Anyway I hope they did.
They were entitled to the assurance that the fruits of their toil would last not mere decades but centuries, would in fact outlast depression and wars and the deprivations of blizzard and August sun.
These buildings are in their way the very antithesis of our disposable plastic society. We sometimes say, in their defense when someone suggests that one be dismantled, that edifices such as these can’t be replaced.
But the real heart of the matter, it seems to me, is that they don’t need to be replaced.
Yet even though so many of these buildings stand as they always have, the city itself has changed.
The churches, by and large, have endured.
The twin spires of St. Francis de Sales Cathedral, for instance, form an indelible part of the city’s skyline just as they have for more than a century at the corner of First and Church.
And the cathedral’s even older neighbor just to the south on First Street, St. Stephen’s Episcopal, which dates to 1876, continues to welcome its congregation.
Yet our families, in the main, are smaller than they used to be, and so we haven’t the need for quite so many classrooms.
Three of Baker’s venerable schools no longer serve their original purpose.
The oldest, North Baker Elementary at 2725 Seventh St., celebrated its centennial last year. The school board decided last year to close North Baker and distribute its students between Brooklyn and South Baker.

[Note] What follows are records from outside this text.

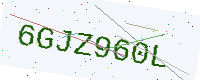
Text: 6GJZ960L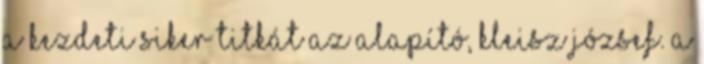
a kezdeti siker titkát az alapító, Kleisz József. A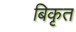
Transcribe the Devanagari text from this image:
बिकृत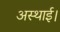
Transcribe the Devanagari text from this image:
अस्थाई।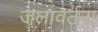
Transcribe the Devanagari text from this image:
जलावर्तना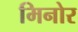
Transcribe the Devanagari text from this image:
मिनोर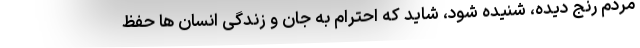
مردم رنج دیده، شنیده شود، شاید که احترام به جان و زندگی انسان ها حفظ

The Central Building, built in 1917 at Washington Avenue and Fifth Street, served as Baker High School until 1952. After that it was an elementary school and then part of the middle school campus. It was closed three years ago, and earlier this month the school board declared the three-story building as surplus property, available for sale.
Churchill School, built in 1923 at 17th and Broadway, closed several years ago and was sold.

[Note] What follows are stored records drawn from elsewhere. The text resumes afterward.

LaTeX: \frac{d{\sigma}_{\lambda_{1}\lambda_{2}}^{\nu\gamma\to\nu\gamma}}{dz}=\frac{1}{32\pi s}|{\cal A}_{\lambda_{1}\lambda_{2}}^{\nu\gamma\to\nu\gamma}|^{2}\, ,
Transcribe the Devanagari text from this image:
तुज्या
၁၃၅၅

This is not altogether a bad thing.
A building, when you think about it, is only a shell, a blank canvas.
What matters is not what a building is used for but that it remains, its mortar sound, its tuffstone blocks unblemished.
I hope, though, that each of the schools can be put to some worthy purpose, even if that purpose is not quite so meaningful as the education of our children.

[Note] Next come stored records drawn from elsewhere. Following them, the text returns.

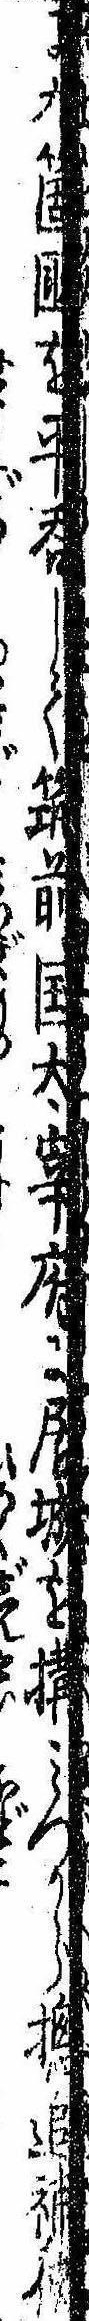
に九箇国を平呑して筑前国太宰府に居城を構みづから摠追捕使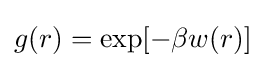
g(r)=\exp[-\beta w(r)]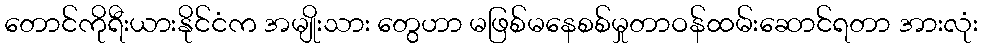
တောင်ကိုရီးယားနိုင်ငံက အမျိုးသား တွေဟာ မဖြစ်မနေစစ်မှုတာဝန်ထမ်းဆောင်ရတာ အားလုံး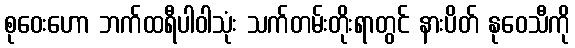
စုဝေးဟော ဘက်ထရီပါဝါသုံး သက်တမ်းတိုးရာတွင် နားပိတ် နုဝေသီကို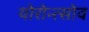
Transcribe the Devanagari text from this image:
योरोन्त्सोव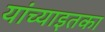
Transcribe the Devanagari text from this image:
यांच्याइतका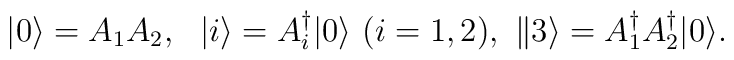
|0\rangle={{A}}_1{{A}}_2,\ \ |i\rangle={A}_{i}^{\dagger}|0\rangle\ ({i}=1,2),\ \|3\rangle={A}^{\dagger}_{1}{A}^{\dagger}_{2}|0\rangle.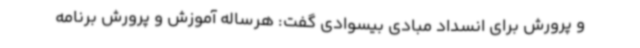
و پرورش برای انسداد مبادی بیسوادی گفت: هرساله آموزش و پرورش برنامه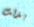
بذلت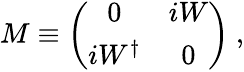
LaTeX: M\equiv\left(\begin{array}{cc}{{0}}&{{iW}}\\ {{iW^{\dagger}}}&{{0}}\end{array}\right)\ ,

Whether this in fact happens will be, perhaps, the truest test of our commitment to Baker City’s past, a duty for which the city has shown an admirable degree of faith.
What will we choose as the symbol of our city’s stature, modest though it is?
A fresh layer of asphalt on the freeway which enables people to pass the whole breadth of this place in less than the span of a pop song?
Or a wealth of buildings that went up before almost anybody alive today was born, before the first automobile clanked into town, before the term “world war” was anything but a fantasy novelist’s conceit?
I’m pulling for the buildings.
I prefer in my symbols a certain level of stability. I like to know that, any time the notion comes over me, I can go for a stroll and see structures which refute in their stolid way the impermanence of the digital age, where so much of what we see and hear is measured in bits and bytes, ephemera that can disappear forever if a finger taps the wrong plastic key or a bolt of lightning comes too close.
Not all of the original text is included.